Well, when we were six sheets to the wind I am starting to wonder where I am going to go sleep, but Caitlin comes over and rescues us. 

“Time to party,” she says, “Cabs are here.”

So we say goodbye to our new friends and stagger out. There’s maybe ten people and us, the band, all tumble into one together. On our way to the disco!

It wasn’t early, and as we pull up some people leaving the disco tell us, “Don’t even get out. They’re full.”

“Let me check,” sais the cabbie. He doesn’t want to lose his fare, figuring he will take us home. Up he goes to the ticket booth, then comes back.

“Are you guys the band?” he asks us. 

Yessir damn sure—it’s getting easier to agree with that

“Well, they’re waiting for you,” he says, so we pay him and tip like the drunkards we are and stagger up the sidewalk to the front door.

“Hey, come in your guys. What’s the name of your band again?”

“Studs Die young.”

“Number 40 on the virgin charts.”

“Rubber Room Motel.” 

“Well come on , the manager wants to talk to you.” Holy crap, this is getting much deeper. I was thinking that our time had come and we were gonna have to play now. But nope, Wayne does all the talking and ends it with, “We’ll have our agent call you tomorrow.”

“OK boys, go on in now.”

Well, it was a disco with the twirling mirrored ball and all. No band, just records but hell, it’s a disco isn’t it?

“Can we buy you a drink?” 

“Yea, sure.” And we find some girls and start dancing. It’s super hot so I take off my coat and tie it around my waist and take off my shirt ‘cuz I’m sweating like a drunkard in a disco and making my inability to stand up straight to fake dancing my foolish head off.

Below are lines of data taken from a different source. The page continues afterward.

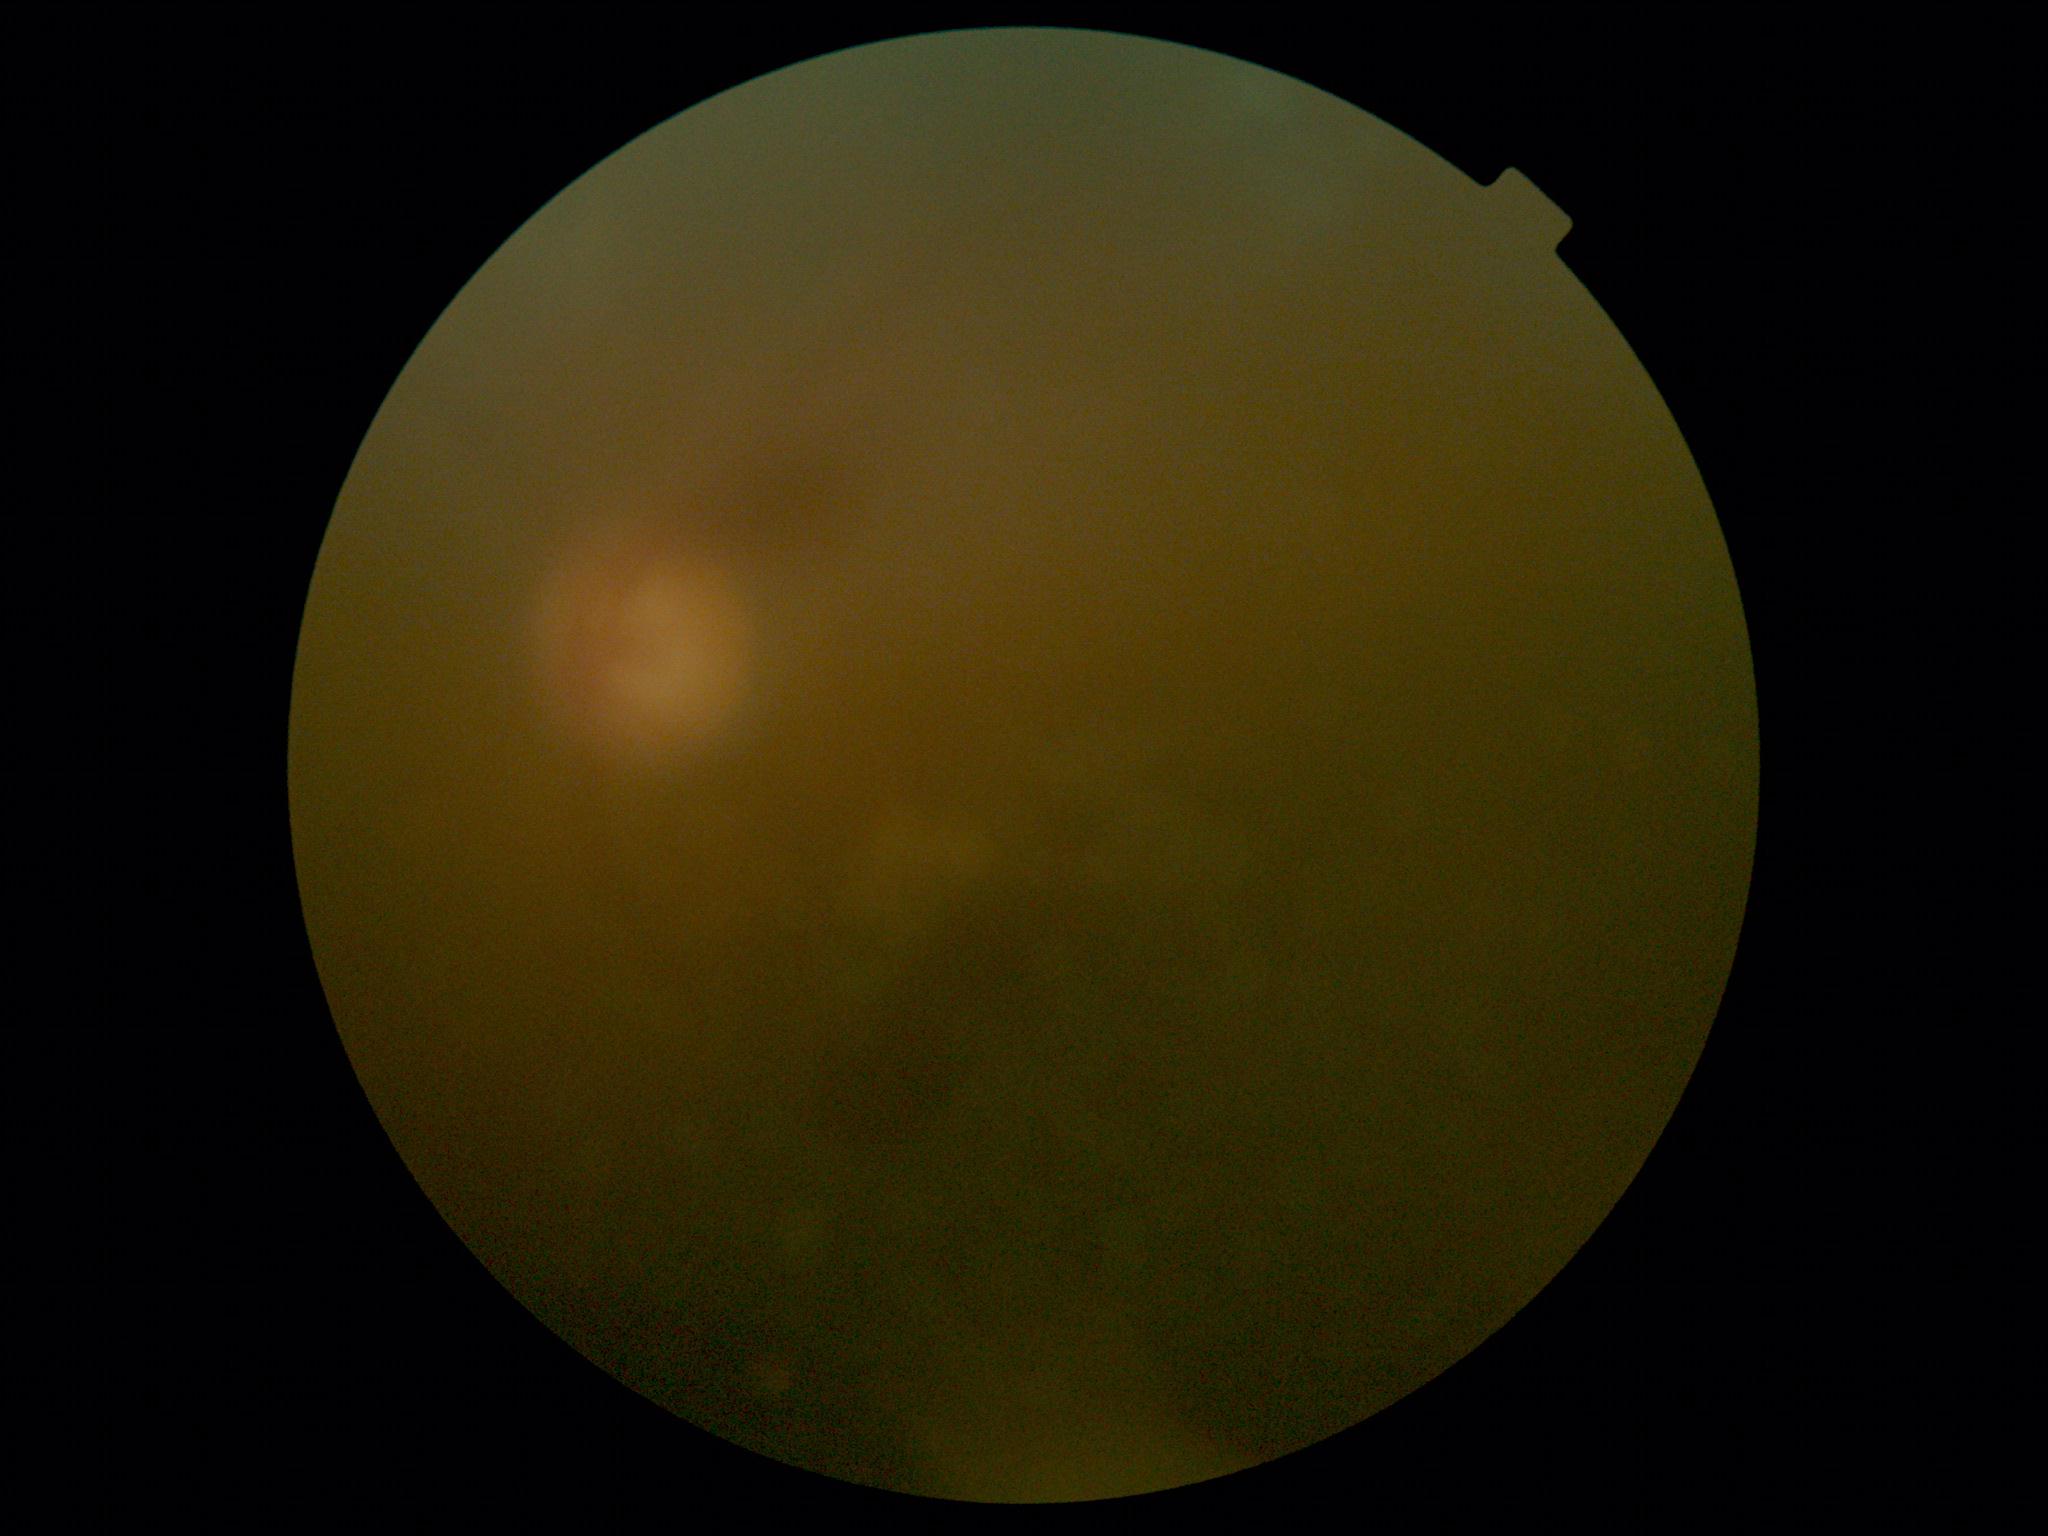 DR severity is ungradable due to poor image quality.
The image cannot be graded for diabetic retinopathy.
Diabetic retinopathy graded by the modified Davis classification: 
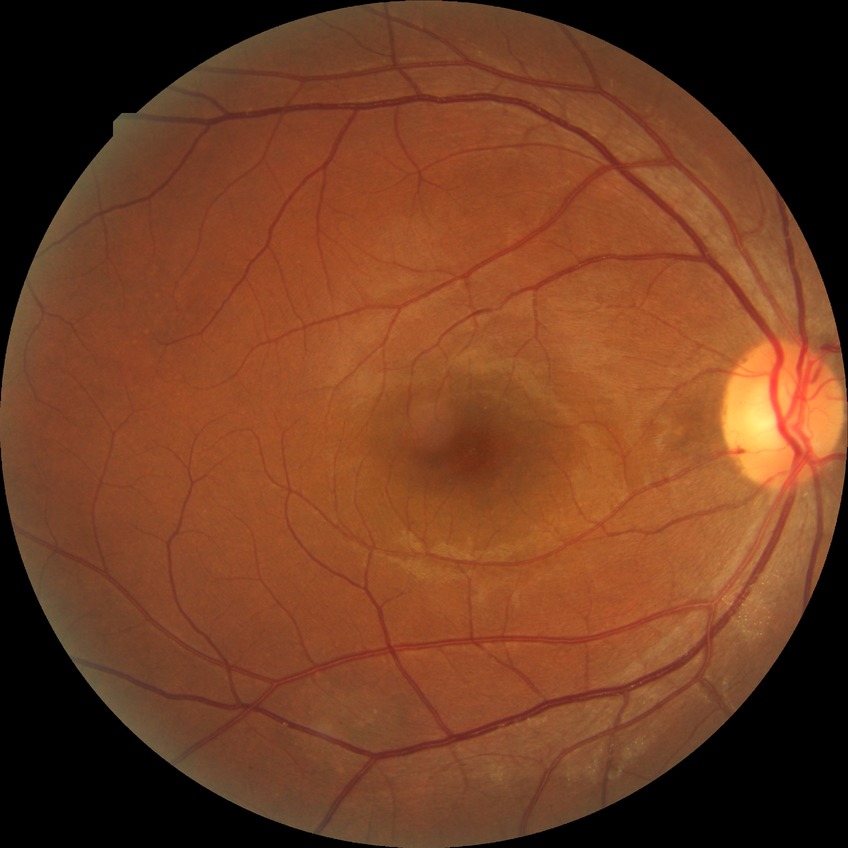

Retinopathy stage: no diabetic retinopathy.
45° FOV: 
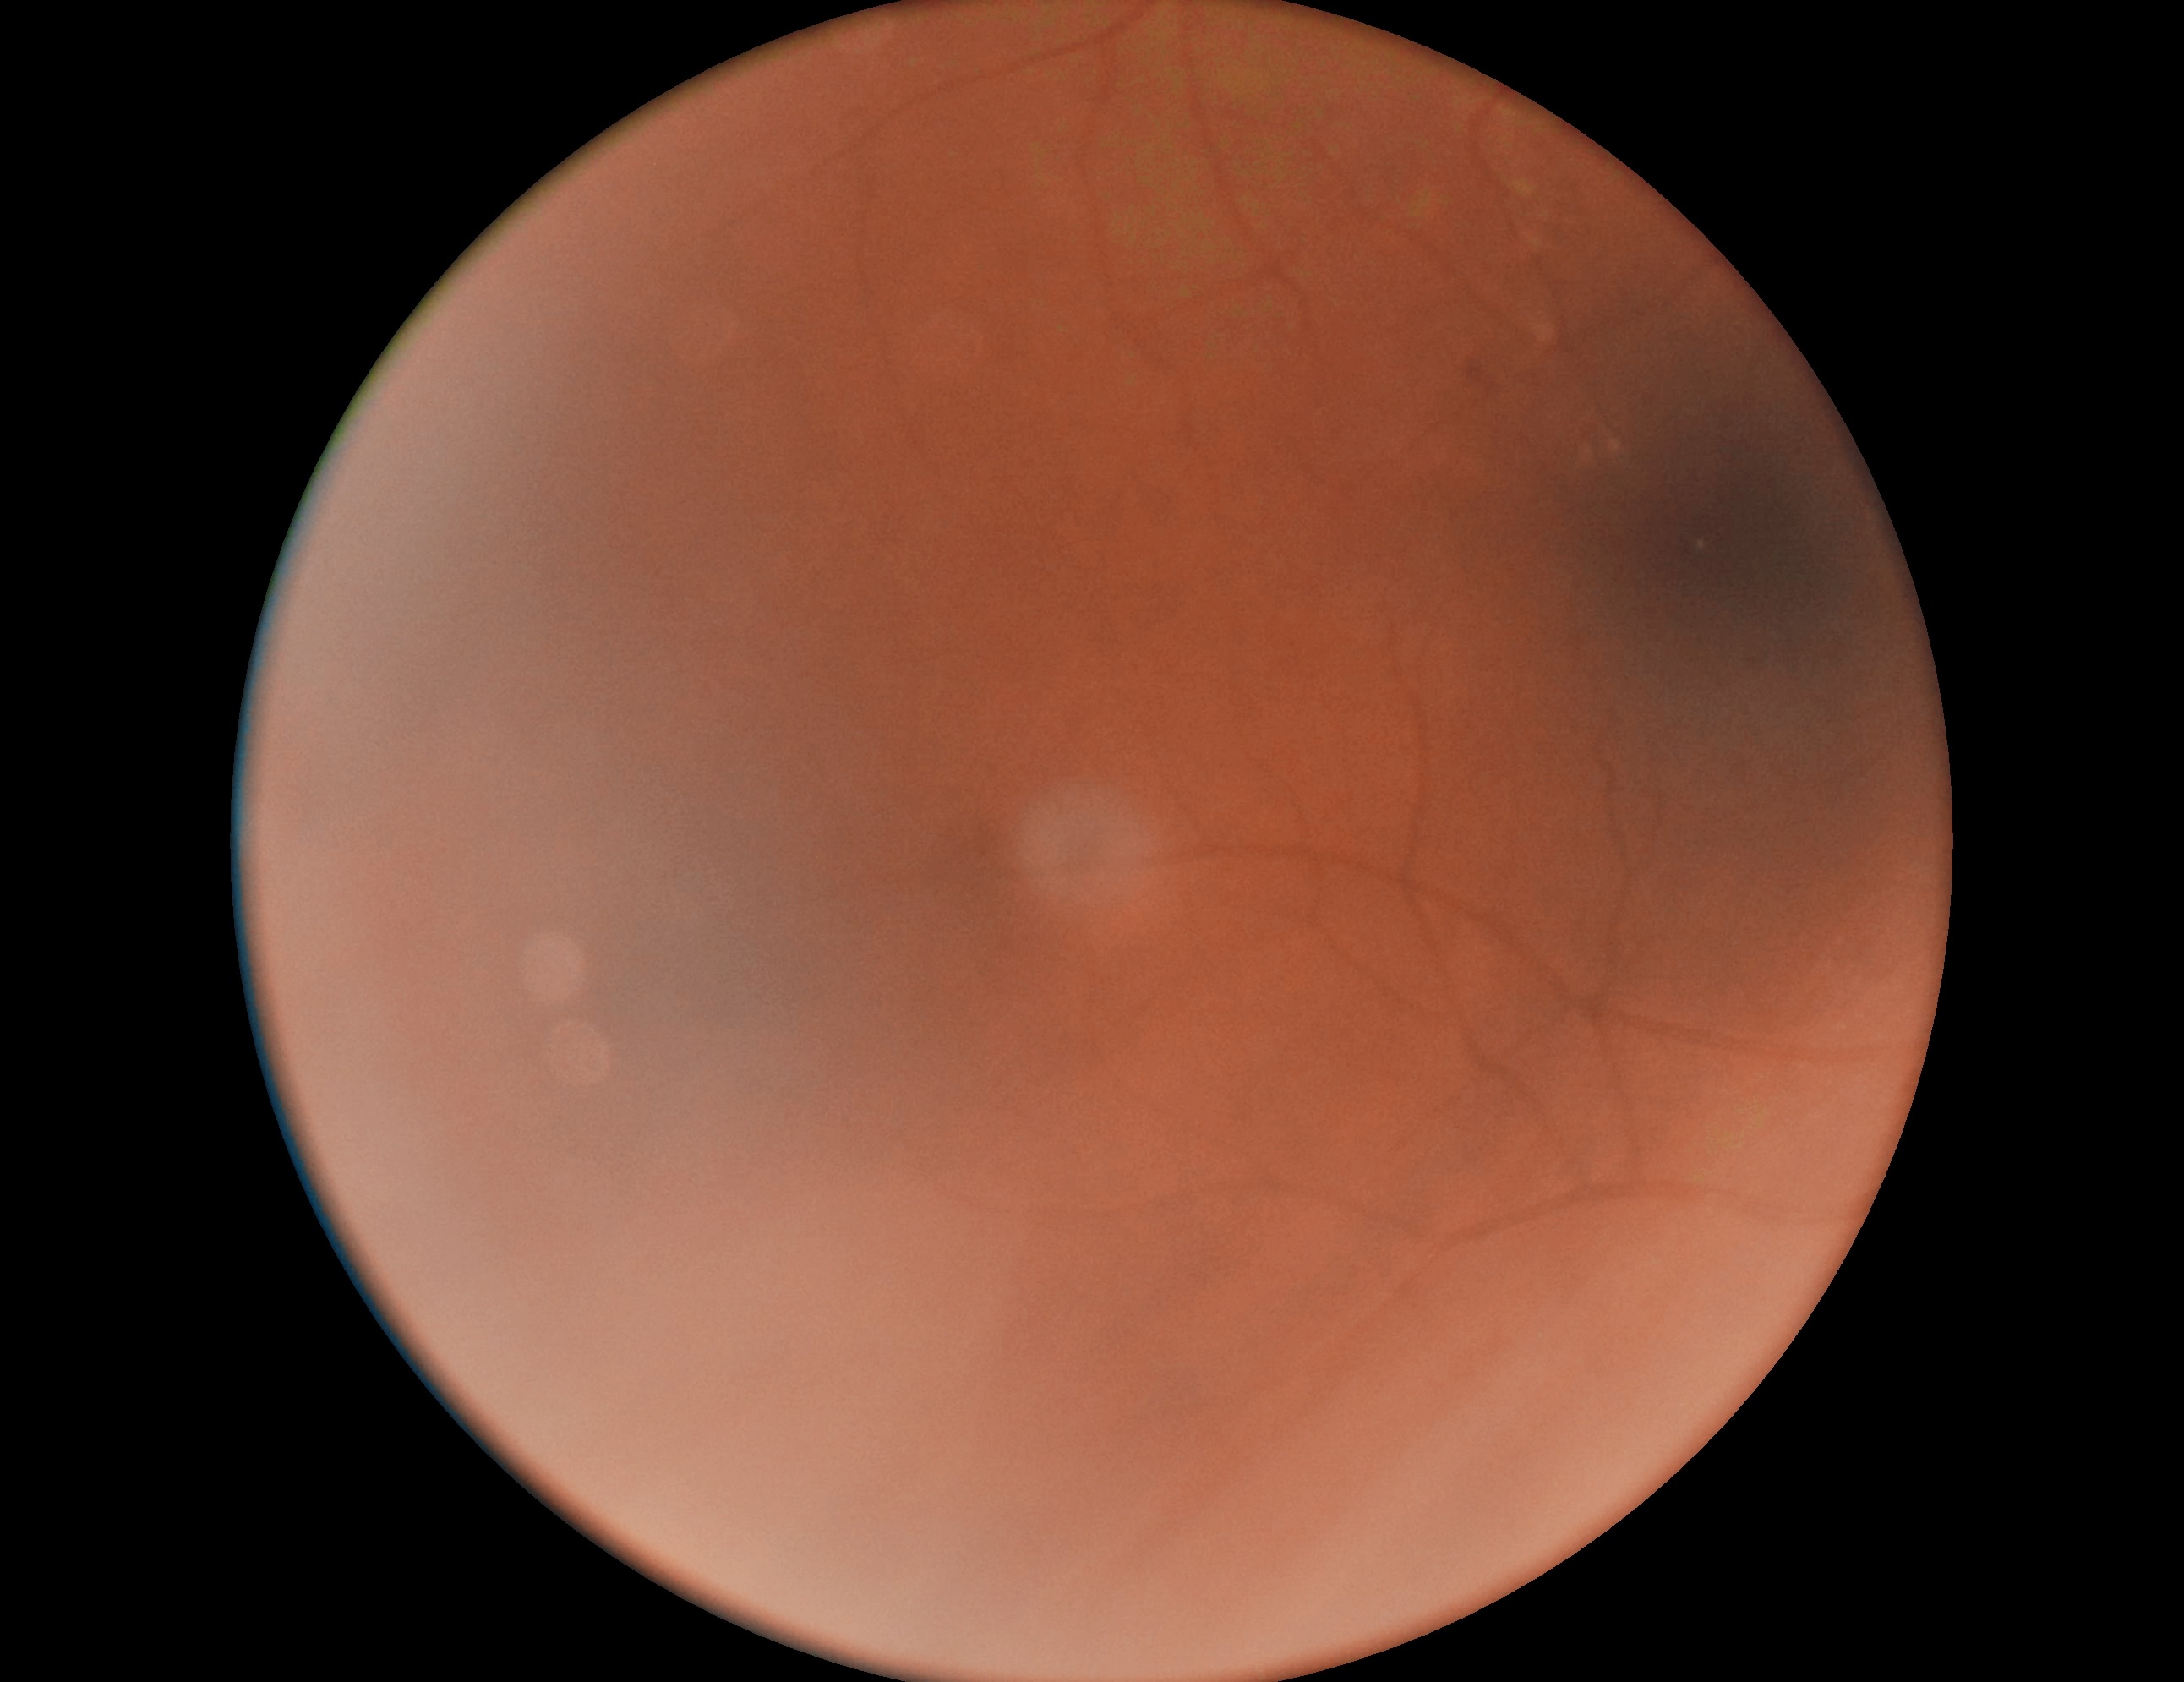
DR stage@moderate non-proliferative diabetic retinopathy (grade 2).

“Put our shirt back on,” Wayne tell me. “Barkeep says he’ll have to throw you out if you’re half naked.” Coat back on. 

Someone took the picture of us, Studs Die Young, and there we are, partying it up in the Irish disco. I have no idea who the guy in the back behind Wayne is, not who the girls are. 

Well, it couldn’t last all night. Or least we couldn’t. I don’t think we were thrown out. We get a cab again—different guy. 

“Who areyou guys?” he says, chatting friendly

“Studs die young, number 40 on the Virgin charts, Rubble Room Motel.”

“Really? Wow, cool! Hey, you guys need a roadie? I’ll be your equipment manager, what say? I hate this job and want to get around, eh?” 

“Yea sure,” says Wayne, “We’ll call you tomorrow.” He takes the slip of paper with the poor guy’s phone number on it and when we reach the burglar guys’ friend’s house we pay and tip him like drunkards, stagger into the house and fall down and pass out. 

Next day I am back to Dublin University where our hosts, the sponsors of the convention, are waiting. I am still half drunk, I swear, and half dead from hangover.

“Ooh, I tell my friends, “I feel terrible for what we did last night.”

Troubled looks. I can practically hear them imagining broken windows, stolen cars, and kidnapped girls.

“No, nothing that bad.” I explain it to them and as I recount it their grins get bigger and bigger until they are laughing out loud about the poor cabby waiting for his phone call to be a roadie. 

“Oh, don’t worry youself,” they say. “You guys come over here and believe every foolish thing we tell you. It’s about time we got some back.” Loud laughter, a slap on the back. So what’ll it be, whisky or coffee?”

“Both, I want an Irish Coffee.” And we do, even though the sun’s not reached noon yet, because, after all, we’re in Ireland.